__ASSIGNED TASK__. Restate word for word the lines of the entries below, starting with the line that holds "-F image=@photo.png \" and ending with the line that holds "and bottom-right corners", and no others.

__SUPPLIED DATA__.
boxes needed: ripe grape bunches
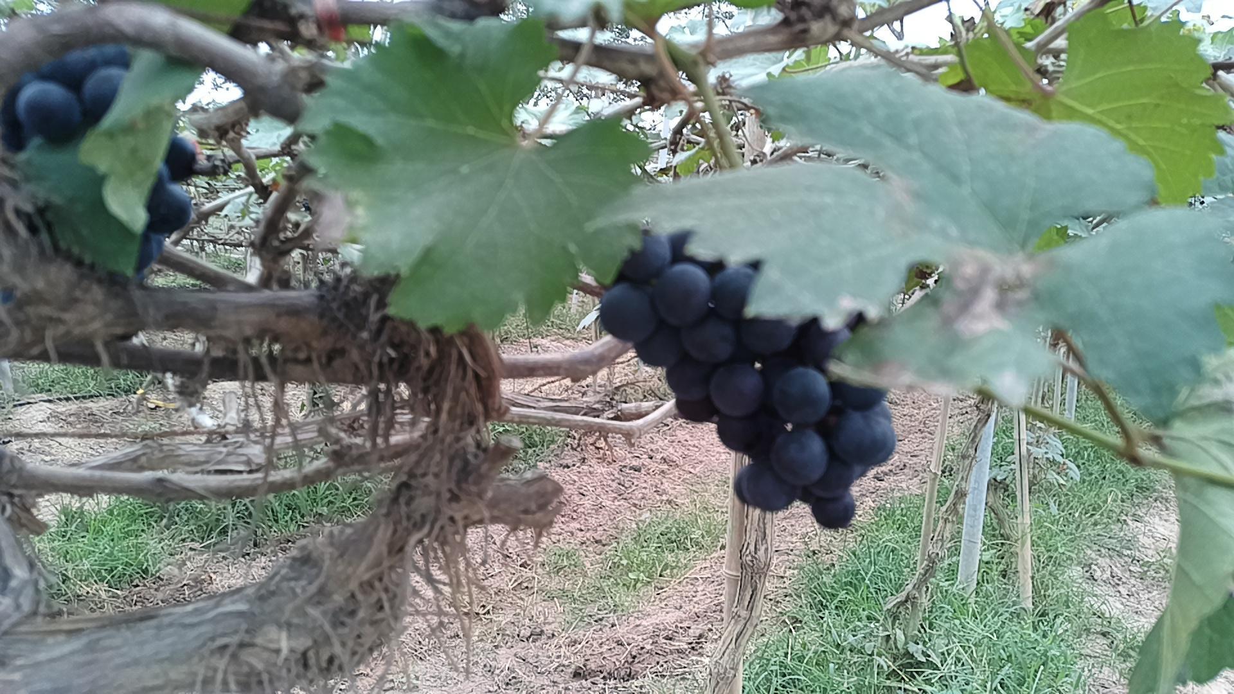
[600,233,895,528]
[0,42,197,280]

---

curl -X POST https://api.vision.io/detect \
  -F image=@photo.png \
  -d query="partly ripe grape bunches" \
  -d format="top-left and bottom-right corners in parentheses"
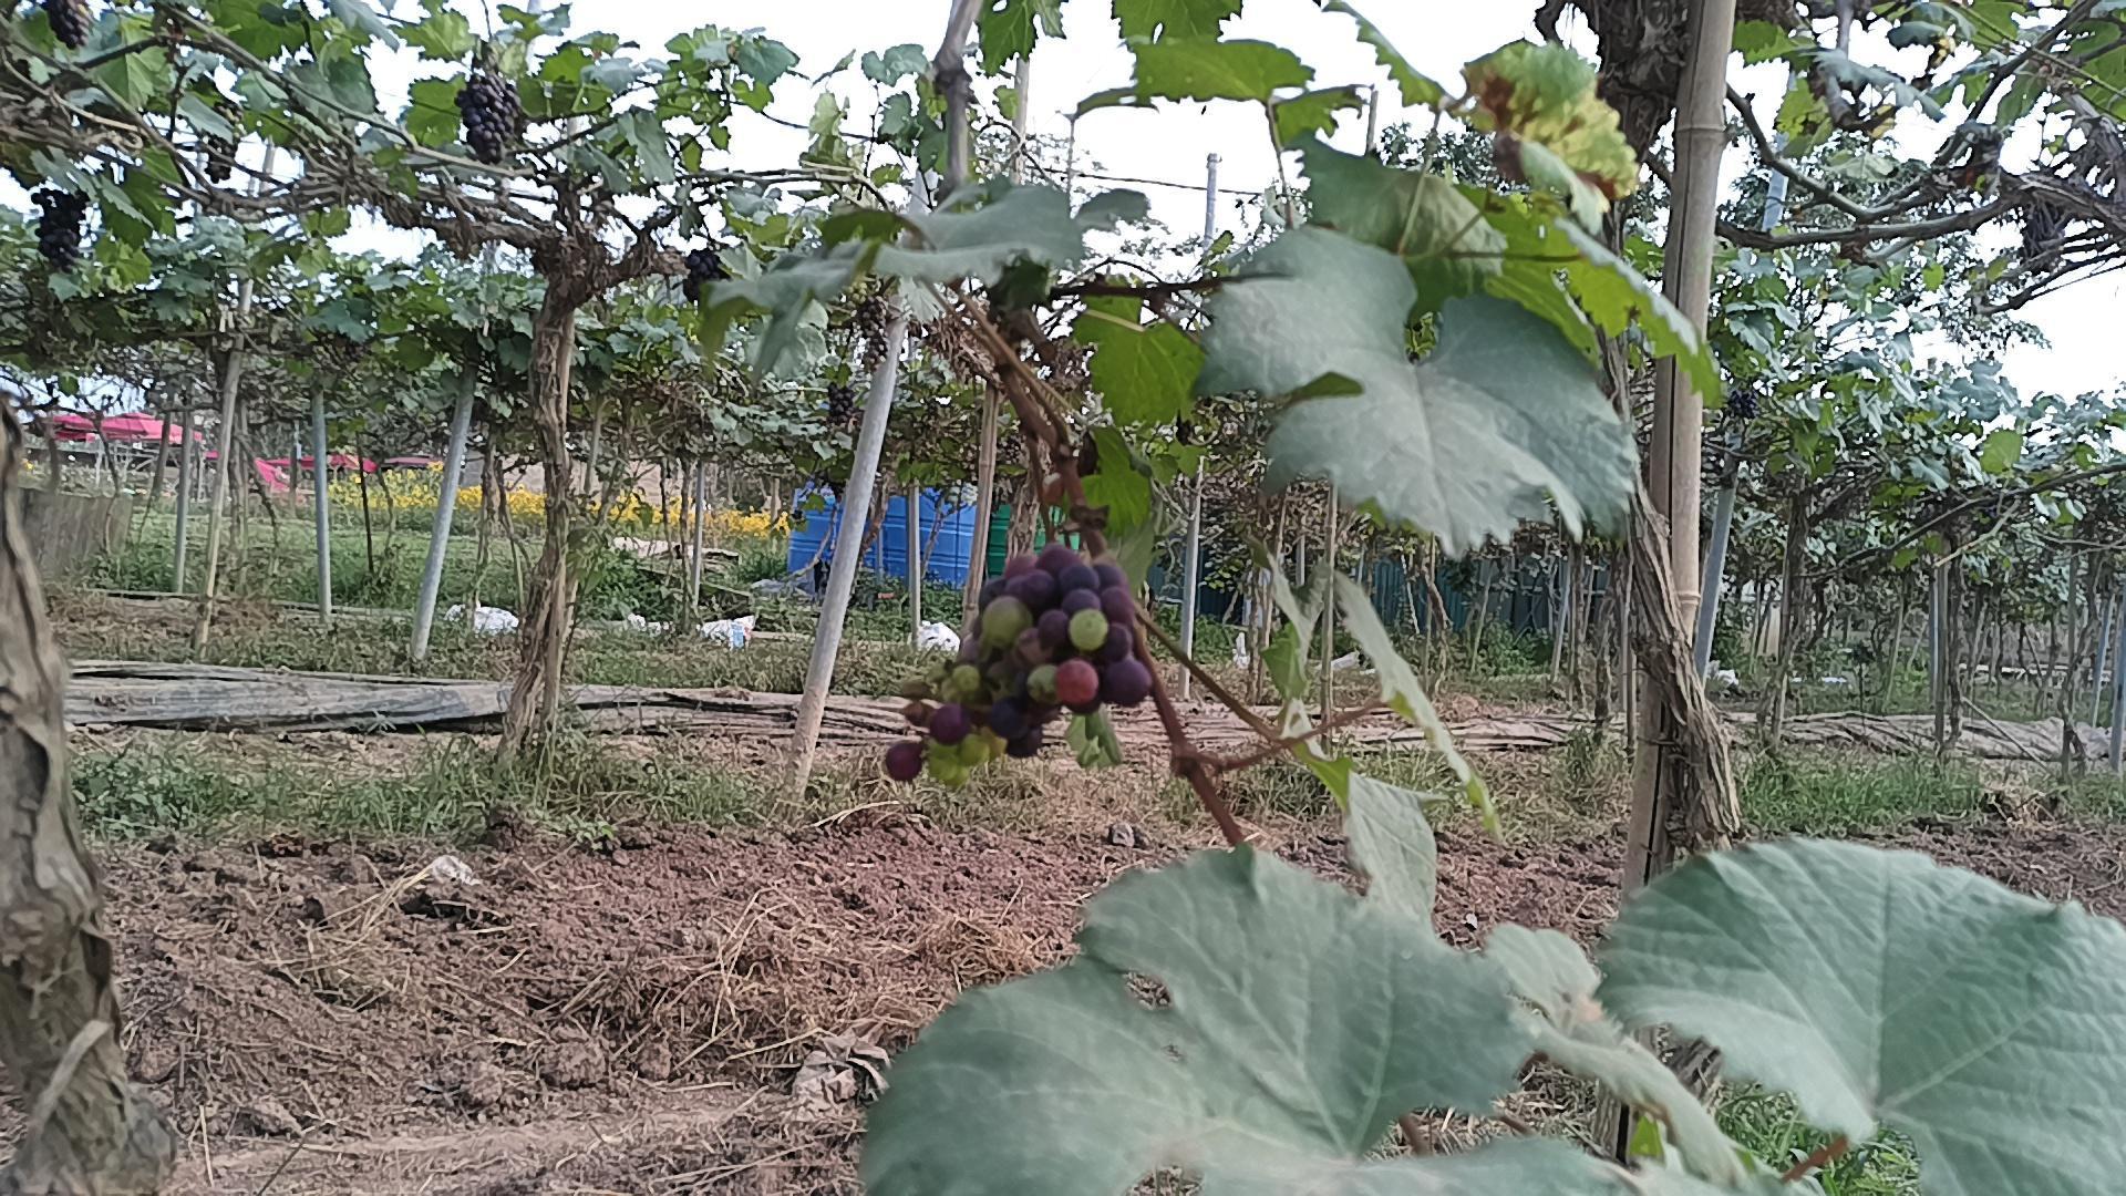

__WRITTEN REPLY__.
  -F image=@photo.png \
  -d query="partly ripe grape bunches" \
  -d format="top-left and bottom-right corners in parentheses"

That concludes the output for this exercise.